As for Facebook, I very much agree. Both with this comment and much of what else was said. In some sense, it’s a both/and type of thing. I’ve actually never had a FB account (weirdo, huh? :grinning:) and never plan to. It would be a misinterpretation to view my remarks as being mostly about the initial article or particular troll farms. One that I feel I inadvertently caused.

Now to spend some more time on the outside of Plato’s cave. Discussions of these topics but out there would be something I’d love to do more of.

I have noticed that if you don’t quote the post you are replying to, this message board software does a very poor job of preserving threading.

I can help you out with that, but I suspect your comment was more rhetorical.

It was an internal report by a data scientist at FB, not a public report. He worked there for a year and a half studying troll farms. That was his job. That’s also why it speaks in the first person: “But we have not fundamentally changed the way our platform operates to make it resilient against these actors.” It was also his farewell, since (rumor has it) Facebook was unwilling to actually do anything to make changes. Hope that gives it some more context.

You might be surprised. Part of the report is pointing out that nobody notices the publishing page because of how small it is. If a friend shared it, you likely wouldn’t notice which page it came from originally. But that’s not even the point. The point is that FB decided to show this sort of content to people in spite of nobody thinking the publishing page was worthwhile. The publishing pages had zero graph authority.

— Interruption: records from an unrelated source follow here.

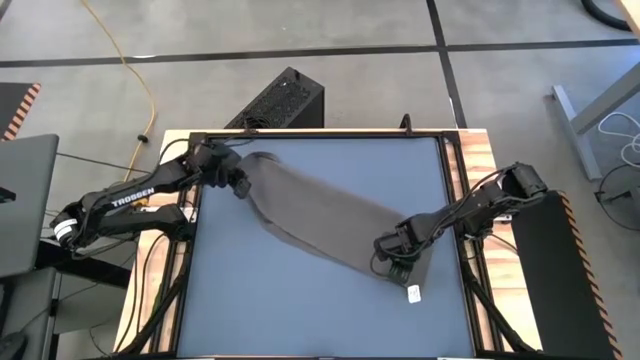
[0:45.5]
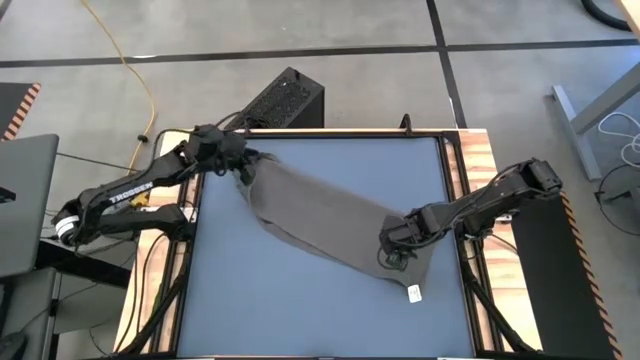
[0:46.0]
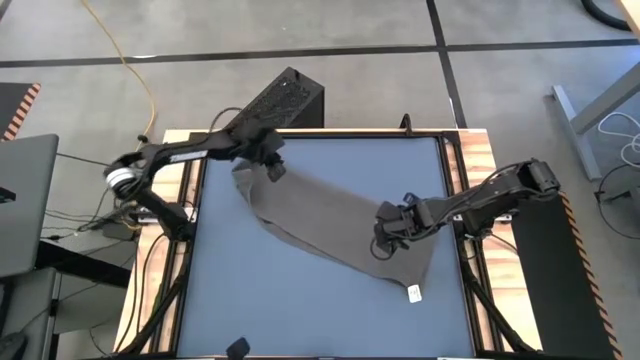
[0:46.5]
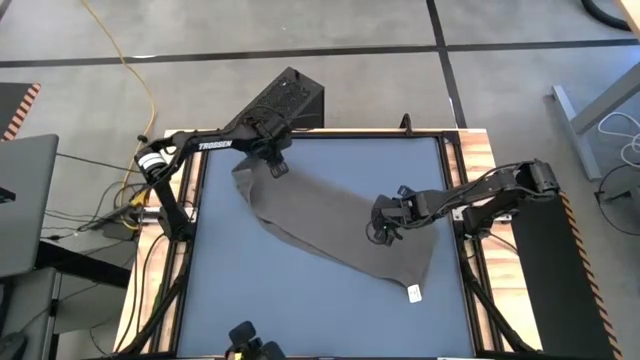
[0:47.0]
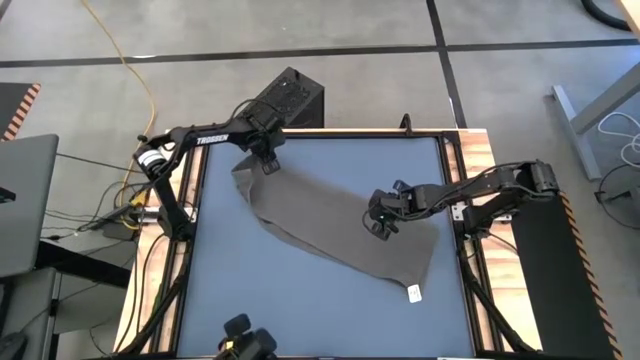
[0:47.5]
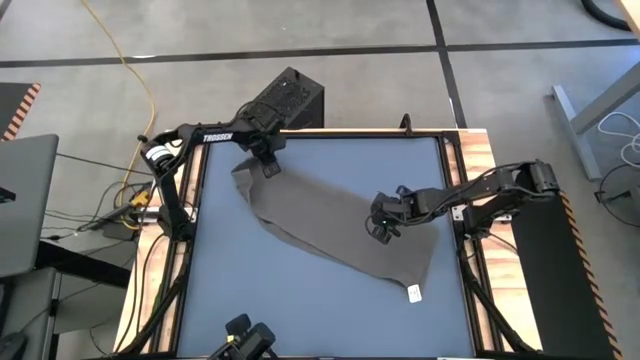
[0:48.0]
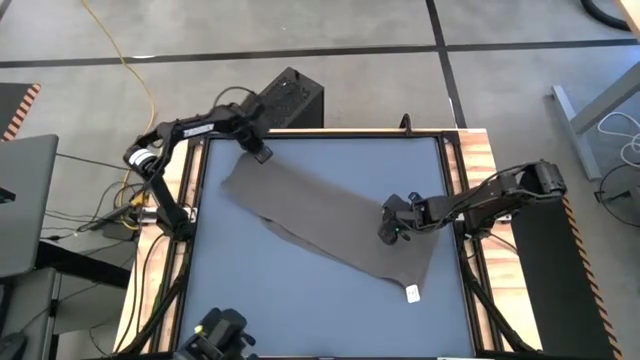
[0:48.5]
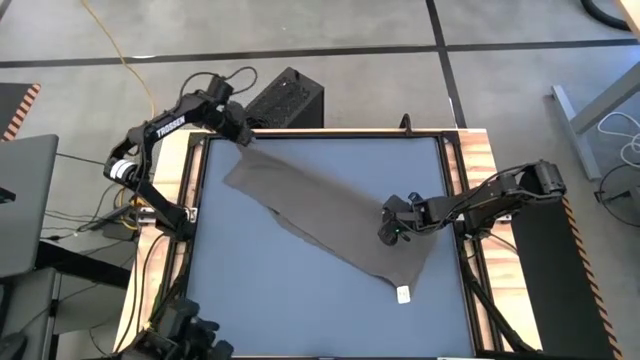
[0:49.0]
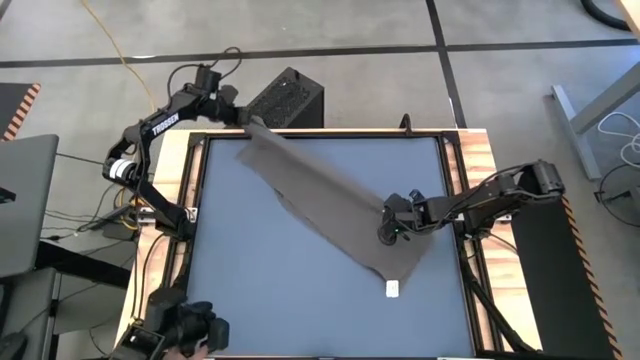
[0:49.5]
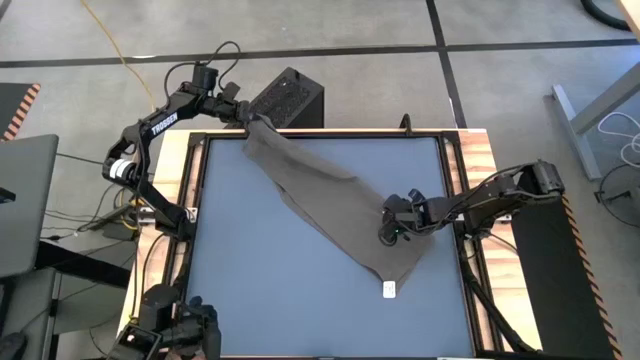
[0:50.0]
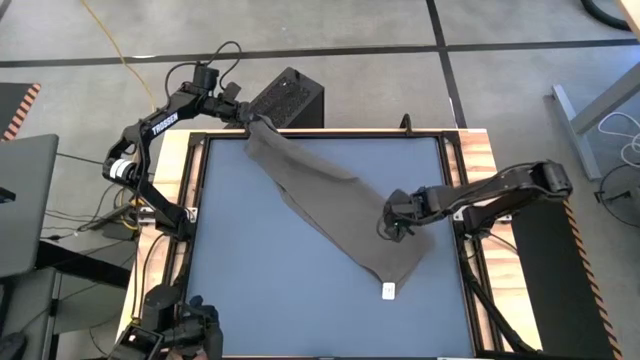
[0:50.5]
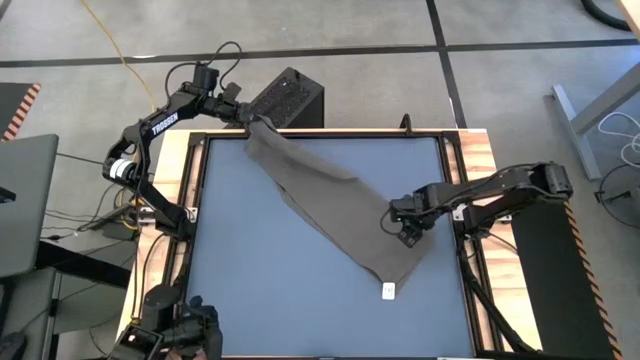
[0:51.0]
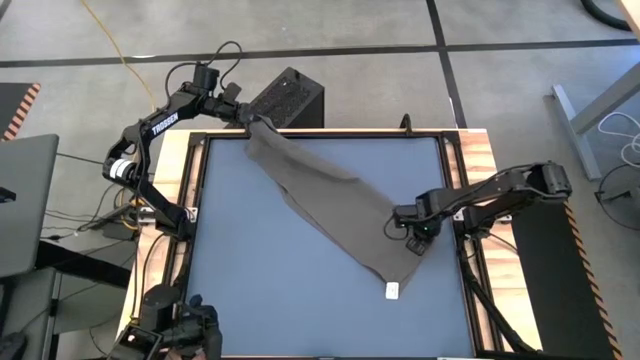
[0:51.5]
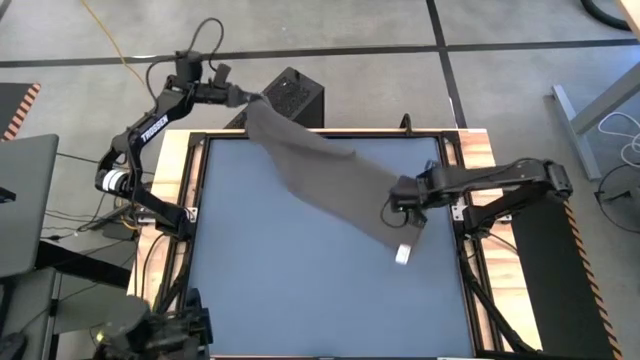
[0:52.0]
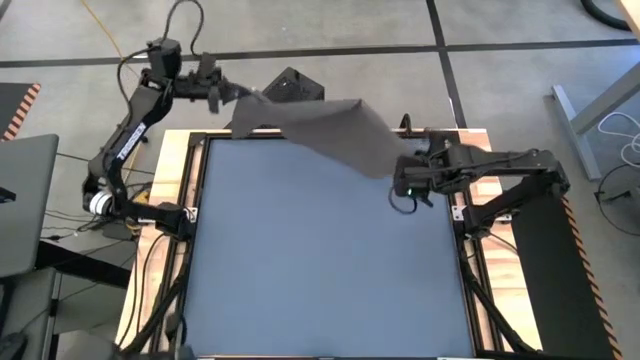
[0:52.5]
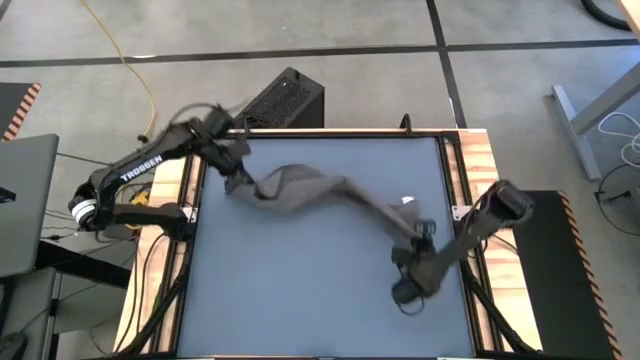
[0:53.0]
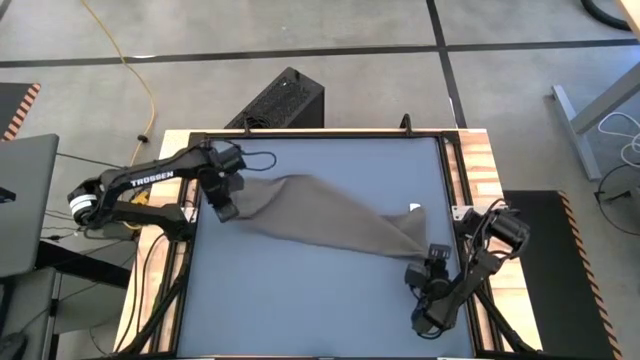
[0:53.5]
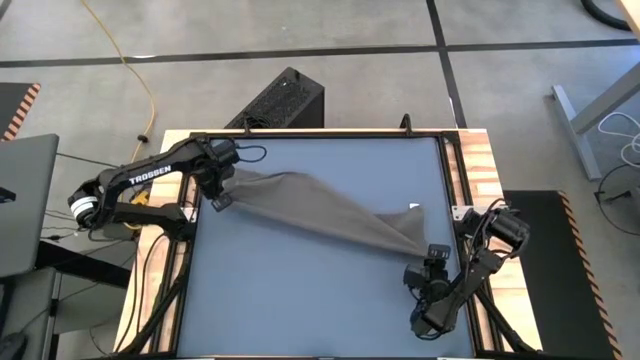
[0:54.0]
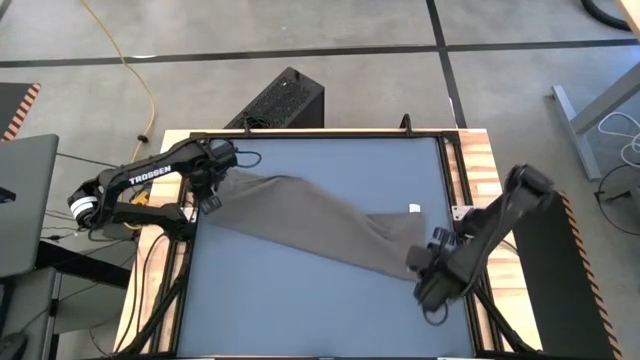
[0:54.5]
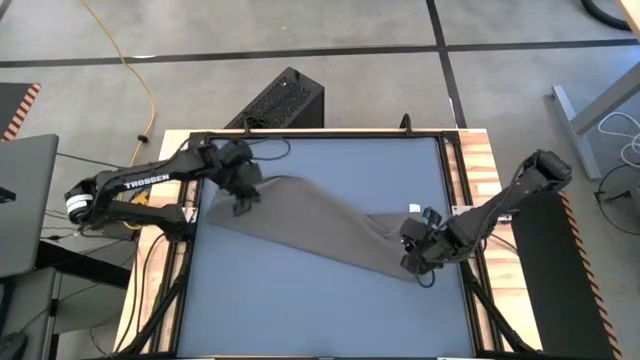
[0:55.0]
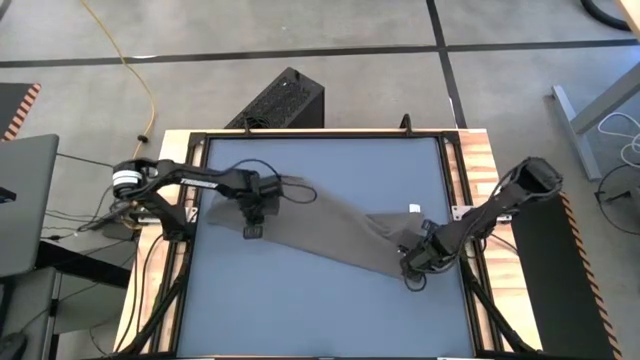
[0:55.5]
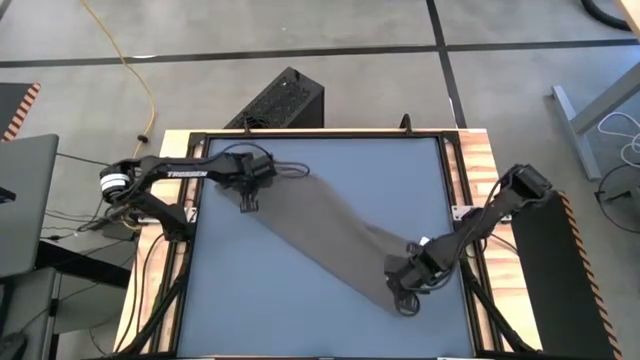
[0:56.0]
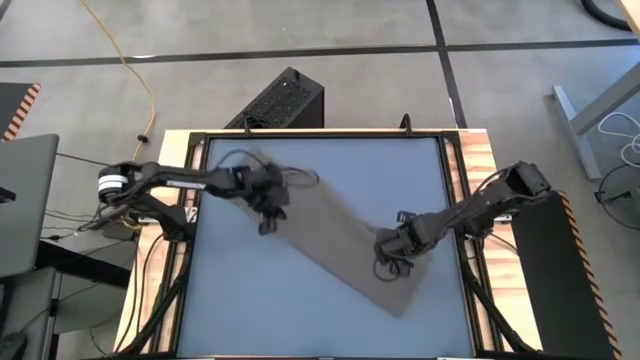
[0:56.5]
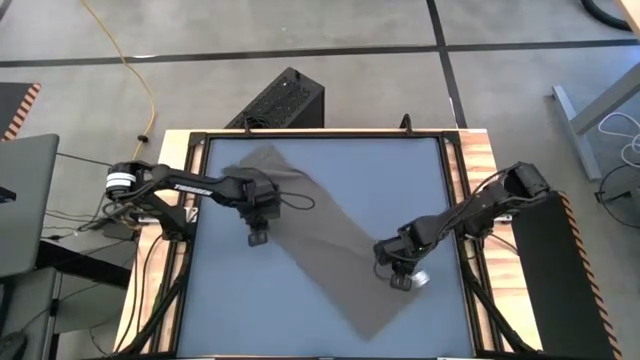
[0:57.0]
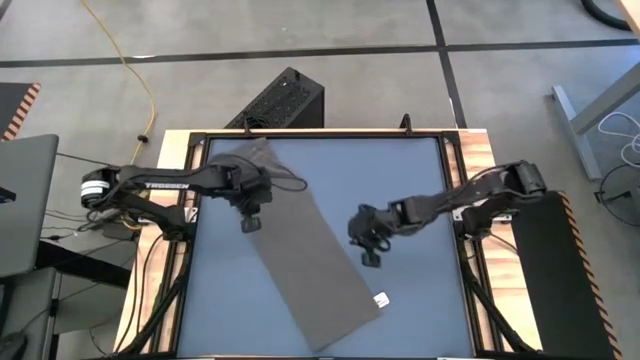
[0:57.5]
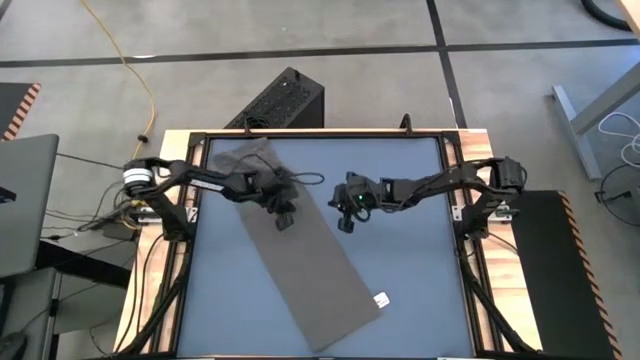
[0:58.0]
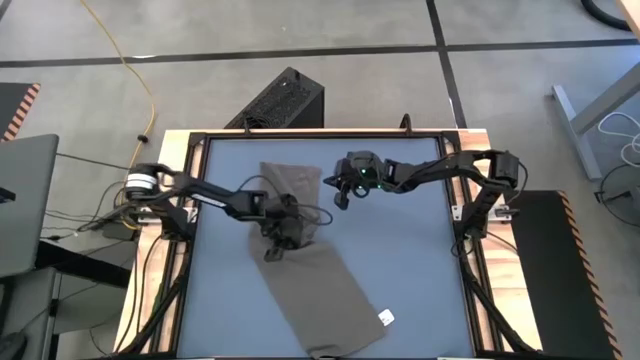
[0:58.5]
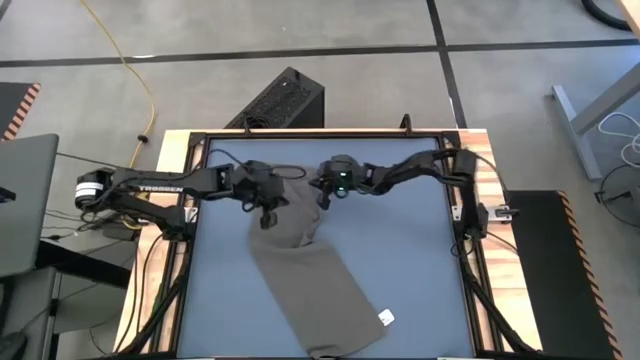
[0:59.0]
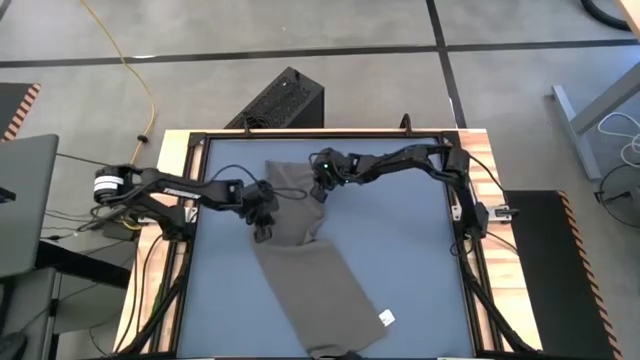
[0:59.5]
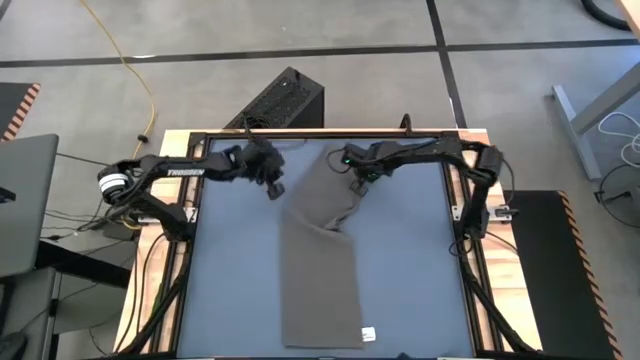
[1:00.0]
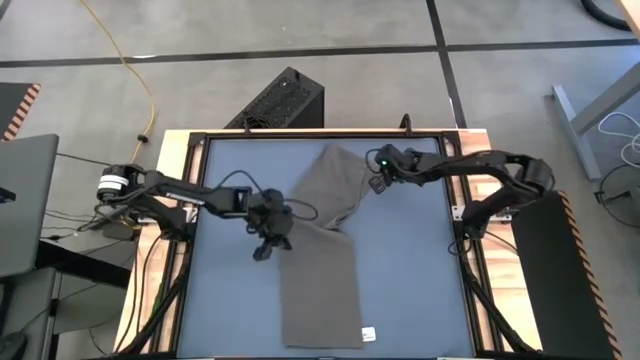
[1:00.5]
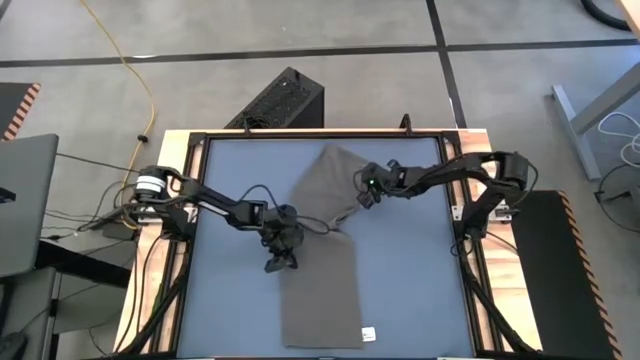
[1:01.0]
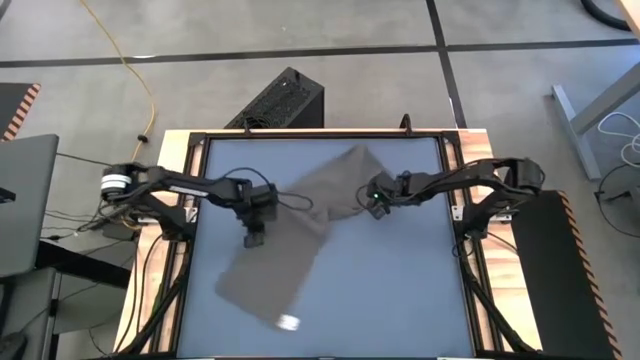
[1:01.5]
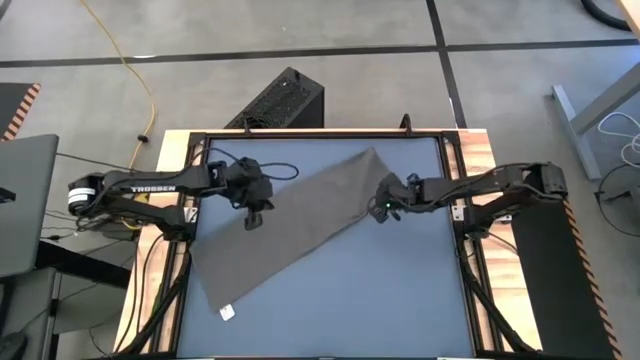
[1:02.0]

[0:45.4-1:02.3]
Task: Roll towel into tight, uniform cylinder
Fold the gray towel

That doesn’t surprise me at all. They still want to blame somebody for Trump, and FB was a good option early on, and now this comes out seeming to prove parts of the thesis. Clearly that’s overplayed. Also, FB bashing is popular right now, so it’s a good clickbait topic.

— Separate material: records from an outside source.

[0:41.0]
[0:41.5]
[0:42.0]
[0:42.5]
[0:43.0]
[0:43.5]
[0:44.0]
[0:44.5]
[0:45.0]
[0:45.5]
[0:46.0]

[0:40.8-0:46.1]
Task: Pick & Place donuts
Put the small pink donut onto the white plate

You can’t just start sharing political content that is divisive or inflammatory from a brand new page and get anywhere. FB will shut you down immediately. You have to build up a distribution from your page with tons of innocuous posts.

I don’t object to them making money. I object to how they do it—by making people dumber, inflaming conflicts, and both controlling and destroying discourse.

A tool’s design has implications for what you will do with it. Facebook is a collection of tools, yes. Some of them are just fine, eg marketplaces. But calling something a tool means nothing about whether you should use it or what you should do with it. Marketing blasting caps as hammers doesn’t make them useful for pounding nails.

2 Likes

I’m quite sure that Doctorow and I have very different definitions of “crazy” here, but he’s not wrong. The Internet has blown information wide open for millions or billions of us, but has unleashed epistemic anarchy on the world. All of the conspiracy theories I believe in are of course 100% factual, but it’s not possible to run a civilization this way. Truth has to be governed for a society, either by the Emperor or the Church or the media or somebody.

This was a very interesting article. Thanks for posting it.

It is very sad for me to read this poor psychologist try to make sense of morality with his godless worldview. The missing ingredient is obviously morality, and the idea that psychologists can provide it is risible, but at least he sees the problem.